There's also an interesting bit I've observed with LLMs, quantization in range of 4-8 bits doesn't reduce performance as much as it mainly reduces consistency. If you generate an answer a bunch of times and take the average you'll end up with roughly the same result as an fp16/32 would do every time. In nature, being inconsistent is usually weighed negatively with death... so that's probably why it hasn't caught on even if it is more efficient. Or this is enough of a different abstraction that we can't draw parallels anyway.


Or we are just the biological bootloader for further evolution of binary signalling.


Comparing a human brain in these terms makes it incredibly obvious how inefficient the human brain actually is. A 1.7T model can answer questions about practically anything. You say a human brain has 150T params. So what? It struggles to give masterful answers in even 1 domain, let alone dozens/hundreds. We need to stop comparing parameters and synapses as if they actually matter, because AFAIK, they really don't.


Well once again it turns out that what is hard for people is easy for computers, and vice versa. The things we go to college for 6 years for they can (relatively) master in a week of pretraining. We are optimized to smartly kill things, eat them, and reproduce, that's what machines will beat us at last lol. Right now a human expert is still obviously better in depth, but nowhere close in breadth. Probably not for much longer though, at least on the historical time scale.

And granted a lot of parts of the human brain are dedicated to specific jobs that are entirely nonexistent in a normal LLM (kinematics, vision, sound, touch, taste, smell, autonomic organ control) so the actual bit we should be comparing for just language and reasoning is way smaller. Still the brain is pretty efficient inference energy wise, it's like the ultimate mixture of experts, extreme amounts of sparse storage and most of it is not computed until needed. The router must be pretty good.


OTOH humans can e.g. walk on two feet and drive a car.


Boston Dynamics and Waymo might not have gotten human levels of competency with those two particular tasks, but we've already got robots that are better than drunk/tired/angry humans at it, and they're getting better at it.


In terms of energy use the human brain is way more efficient than LLMs. It's a completely different hardware model - the brain may have trillions of synapses but they only fire occasionally. I agree you have to compare more on the results than number of synapses etc.

It's something that gives me pause on the idea that we have to build many GW of power stations. It may be possible to get much more energy efficient AI via better algorithms.


> Comparing a human brain in these terms makes it incredibly obvious how inefficient the human brain actually is

Until you have AGI you can't say this since until then we don't know how much the different parts costs to replace with AI systems.


> Comparing a human brain in these terms makes it incredibly obvious how inefficient the human brain actually is. A 1.7T model can answer questions about practically anything. You say a human brain has 150T params. So what? It struggles to give masterful answers in even 1 domain, let alone dozens/hundreds. We need to stop comparing parameters and synapses as if they actually matter, because AFAIK, they really don't.

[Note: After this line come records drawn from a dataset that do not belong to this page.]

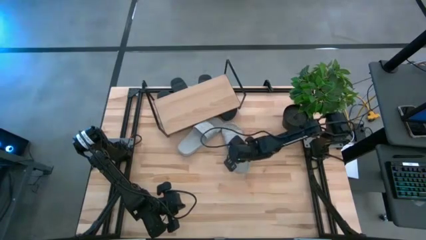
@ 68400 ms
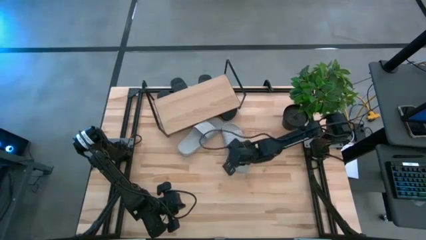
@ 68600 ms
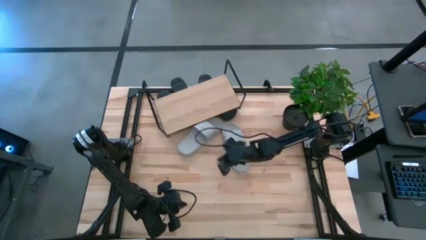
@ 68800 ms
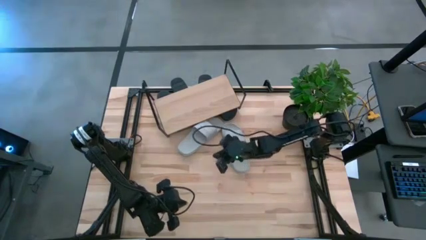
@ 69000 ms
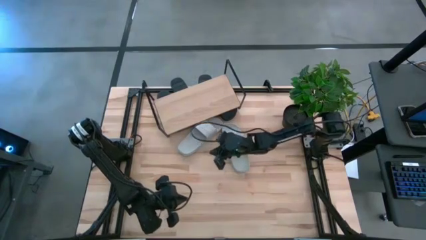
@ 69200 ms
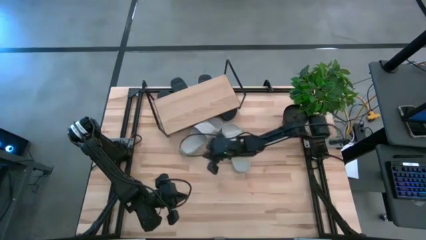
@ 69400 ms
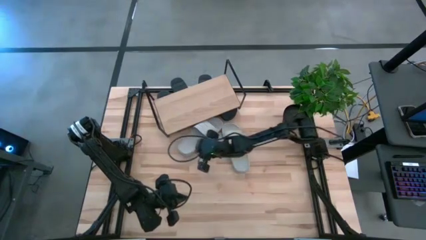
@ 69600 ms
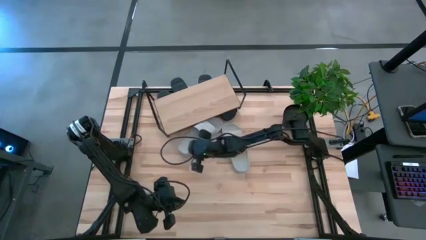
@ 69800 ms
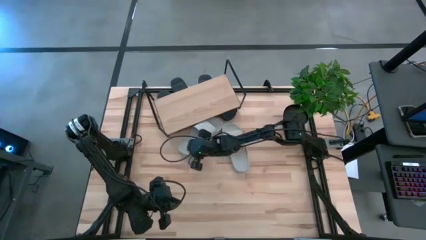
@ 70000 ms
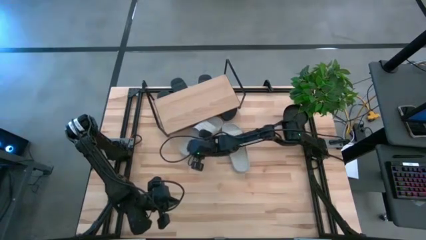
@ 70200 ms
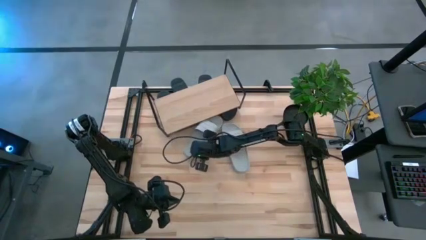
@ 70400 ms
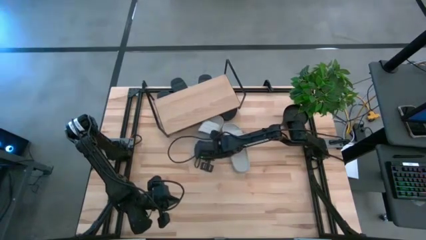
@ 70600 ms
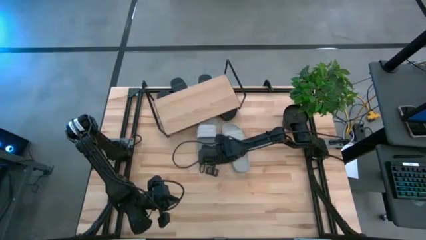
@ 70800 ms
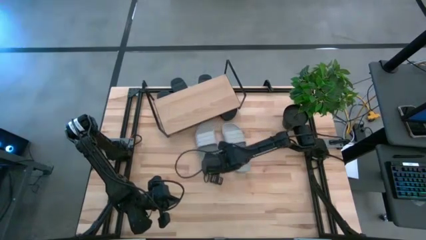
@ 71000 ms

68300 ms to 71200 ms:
Task: Pick and place slides into the shelf
Adjust the gray slipper

Meanwhile the best class AI is trained on the output of human intelligence. When AI can learn by itself in the same way humans do (or even more efficient ways) that's when we can say human intelligence has been surpassed. Until then it's just tools for humans to use to augment their intelligence.

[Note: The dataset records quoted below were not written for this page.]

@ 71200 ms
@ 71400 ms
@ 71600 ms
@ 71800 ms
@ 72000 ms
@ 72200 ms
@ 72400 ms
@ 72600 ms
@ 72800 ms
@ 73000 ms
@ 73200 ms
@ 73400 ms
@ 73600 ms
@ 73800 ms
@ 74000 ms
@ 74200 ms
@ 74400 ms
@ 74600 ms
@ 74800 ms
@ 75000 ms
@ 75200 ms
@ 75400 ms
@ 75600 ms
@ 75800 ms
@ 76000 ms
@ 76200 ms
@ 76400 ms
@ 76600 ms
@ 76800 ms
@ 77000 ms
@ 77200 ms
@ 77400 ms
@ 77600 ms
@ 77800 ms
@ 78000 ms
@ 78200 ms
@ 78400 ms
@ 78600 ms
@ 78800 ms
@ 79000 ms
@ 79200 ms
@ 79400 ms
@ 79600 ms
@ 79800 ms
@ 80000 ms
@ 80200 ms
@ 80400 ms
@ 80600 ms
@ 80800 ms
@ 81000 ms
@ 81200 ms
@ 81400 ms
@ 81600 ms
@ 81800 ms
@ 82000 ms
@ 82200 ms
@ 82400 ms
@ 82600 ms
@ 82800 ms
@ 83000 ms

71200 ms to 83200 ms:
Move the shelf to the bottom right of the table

XAi seems to be able to dump 10-20x more compute into their Grok models each time. Don't see any signs this is slowing down...


> But stuff like this makes me very skeptical of the people who are making and selling AI.

What is there to be skeptical of? OpenAI made their current product using a 10G$ investment plus a few they are not disclosing, and now they will start to do it at scale.

Perfectly normal stuff.

By the way, what's the World's GDP again?


Even "we will solve the remaining problems" is... perhaps unduly optimistic.

At a minimum, we could ask for the evidence.


I'm not here to defend sama, but certain things cannot be proven until they arrive - they can only be extrapolated from existing observations and theoretical limits.

Imagine the Uranium Committee of early 40's, where Szilard and others were babbling about 10kg of some magical metal exploding briefly with the power of a sun, with the best evidence being some funky trail in an alcohol vapor chamber.

Maybe sama is right, maybe not, but the absence of evidence is not evidence of absence.


I'm sure you know that people in the AI community have been predicting big things ever since, I don't know, the 1970s? It's only 10 years away again. This time it's for real, right?


Alchemists predicted the transmutation of metals into gold for centuries, and on a sunny day in the 20th century, it arrived (a bit radioactive, but still).

Unless the human brain is made of some sacred substance, the worst-case scenario is that we will extrapolate current scanning methods into the future and run the scanned model in silica. I'm not recommending this "just for fun," but the laws of physics don't forbid it.


If you are comparing AI to alchemy, a subject that after thousands of years still isn’t delivering on its promises (even with the assistance of modern technological magic), then surely you can see how that’s something of a self-own.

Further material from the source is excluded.